Una palabra de aliento

Esta es la primera vez que estaremos viendo mecanismos de reacción orgánica biológica 'reales'. No se deje intimidar por el tamaño y complejidad de las biomoléculas reaccionantes; son solo moléculas orgánicas, con los mismos patrones de unión y grupos funcionales con los que ya está familiarizado. Centrarse en las partes reaccionantes de la molécula: ¿qué es el nucleófilo? ¿El electrófilo? ¿El grupo que se va? En la mayoría de las reacciones orgánicas biológicas, la mayor parte de la biomolécula es simplemente 'ir a lo largo', y a menudo se puede abreviar con un 'grupo R' (sección 1.2) para simplificar la imagen.

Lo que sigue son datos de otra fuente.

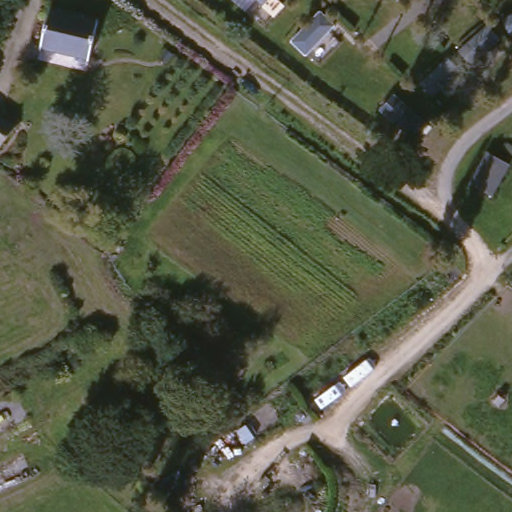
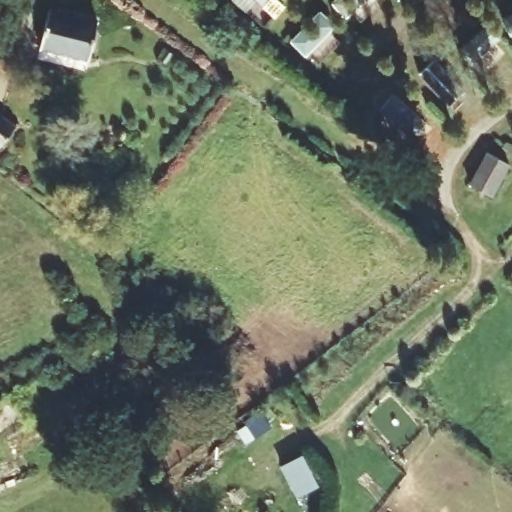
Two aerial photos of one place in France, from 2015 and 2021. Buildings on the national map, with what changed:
unchanged [(89,67),(40,61),(46,22),(96,30),(89,67)]
unchanged [(15,134),(0,155),(0,123),(15,134)]
new [(318,487),(296,497),(280,466),(302,456),(318,487)]

Una\(S_N2\) reacción bioquímica

Una clase muy importante de reacciones de sustitución nucleofílica en bioquímica son las\(S_N2\) reacciones catalizadas por enzimas metiltransferasa dependientes de\(S\) -adenosil metionina (SAM). SAM es una coenzima (sección 6.3) que desempeña el papel de donante del grupo metilo: se puede pensar en SAM en este contexto como simplemente un electrófilo de metil carbono unido a un grupo saliente de sulfuro.

Dibujo lineal de unión de SAM como electrófilo de metilo con un grupo saliente de sulfuro.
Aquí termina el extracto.